Neziraj is being positioned as the national playwright of Europe’s youngest country (declared an independent republic in 2008), in the tradition of Athol Fugard in South Africa and Václav Havel in the Czech Republic: the singular voice of a nation embroiled in political strife.
Fully cognizant of the presence of so many of Neziraj’s plays on the docket, other festival directors nonetheless showed up from the Czech Republic, Poland, and Italy, along with journalists from Turkey, Germany (including a German TV station), and the U.K. Particularly telling was the attendance of the current prime minister of Kosovo, Albin Kurti, to the premiere of Neziraj’s Oresteia adaptation, Balkan Bordello, which was held not in some ornate opera house but in a bunker that holds about 150 people. This, plus the presence of Dieter Topp, president of Kultur Forum Europa (a program of the European Union) to present Neziraj with its 29th annual award, underscored a wider European recognition of Neziraj’s contribution to Balkan culture, and the significance of his artistic voice.
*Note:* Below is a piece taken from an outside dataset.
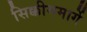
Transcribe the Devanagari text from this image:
सिक्कीममार्गे
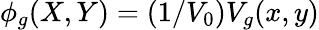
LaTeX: \phi_{g}(X,Y)=(1/V_{0})V_{g}(x,y)

Among the reasons Kultur Forum felt compelled to support Neziraj was the heat the playwright has taken inside Kosovo for being an insufficiently “patriotic” playwright, as his work tackles hypocrisy and corruption within his own country, as well as beyond its borders. He had been artistic director of the National Theatre of Kosovo from 2008 to 2011, until the government’s Ministry of Culture, resentful of his satirical take on Kosovar institutions in plays such as One Flew Over the Kosovo Theatre, which takes aim at the new government’s embrace of censorship and its appropriation of the arts, ironically tried to cancel the lampoon, albeit “unofficially.” This created an international incident, as the production was co-funded by different European governments (Germany, Austria, Switzerland, and Sweden). Shuttle diplomacy allowed the play to go on, and at its Pristina premier in 2012, local police and NATO soldiers guarded the theatre.
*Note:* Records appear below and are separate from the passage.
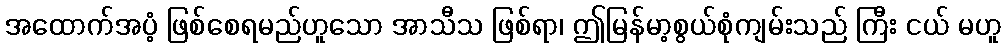
အထောက်အပံ့ ဖြစ်စေရမည်ဟူသော အာသီသ ဖြစ်ရာ၊ ဤမြန်မာ့စွယ်စုံကျမ်းသည် ကြီး ငယ် မဟူ
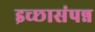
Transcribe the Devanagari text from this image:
इच्छासंपन्न
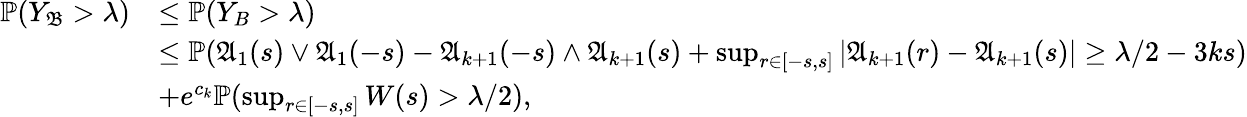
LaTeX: \begin{array}{rl}{\mathbb{P}(Y_{\mathfrak{B}}>\lambda)}&{\le\mathbb{P}(Y_{B}>\lambda)}\\ &{\le\mathbb{P}(\mathfrak{A}_{1}(s)\vee\mathfrak{A}_{1}(-s)-\mathfrak{A}_{k+1}(-s)\wedge\mathfrak{A}_{k+1}(s)+\operatorname*{sup}_{r\in[-s,s]}|\mathfrak{A}_{k+1}(r)-\mathfrak{A}_{k+1}(s)|\ge\lambda/2-3ks)}\\ &{+e^{c_{k}}\mathbb{P}(\operatorname*{sup}_{r\in[-s,s]}W(s)>\lambda/2),}\end{array}

(One female Kosovar playwright told me that after a production opportunity for one of her plays opened up for her Belgrade, she returned home to some resentment that she had danced artistically with people from the “other side.” Since then, she noted, Neziraj has been instrumental in using Qendra Multimedia’s theatre and literary festivals to help bridge such divides.)
The city of Pristina itself grows on one: Amid many broken streets and sidewalks with car parts and appliances, there is a fruit and vegetable market that seems to go on for acres in a kind of extended bazaar. One of the city’s inner quadrants contains wide, tree-lined pedestrian promenades, punctuated by hotels, boutiques, restaurants, and cafés. Each day one hears the morning and evening calls to prayer. And while evidence points to some nationalistic postures (Muslim Kosovo, after all, was the victim of a genocide), I didn’t see signs of the kind of Nazi-adjacent craziness that continues to simmer in nearby Christian countries like Poland, Hungary, Serbia, Belarus, Croatia, and Germany. (I heard one rumor that Croatia was angling for a new war—just what the region needs!)
Perhaps you have the perception of many who have been around a while that the steady drift of Western democracies has been toward tribalism and its attendant animosities. If that drift in nations like the U.K. and the U.S. feels almost incomprehensible, it’s not a bad idea to study Ground Zero for balkanization in Europe, the Balkans themselves, where tribalism reached a genocidal pitch in the final two years of the 20th century. This year’s festival demonstrated how the theatre, with its blend of absurdism, cabaret, farce, and docu-tragedy, can turn a journalistic account of Balkan attitudes into a visceral, emotional experience—less explained than depicted, and felt through a wide range of emotions. All of this serves as a kind of canary in-the-coal-mine warning for all of us, as migration, national superiority complexes, and political and religious tensions—the prevalent themes of this festival—escalate across the U.S., Canada, and Europe.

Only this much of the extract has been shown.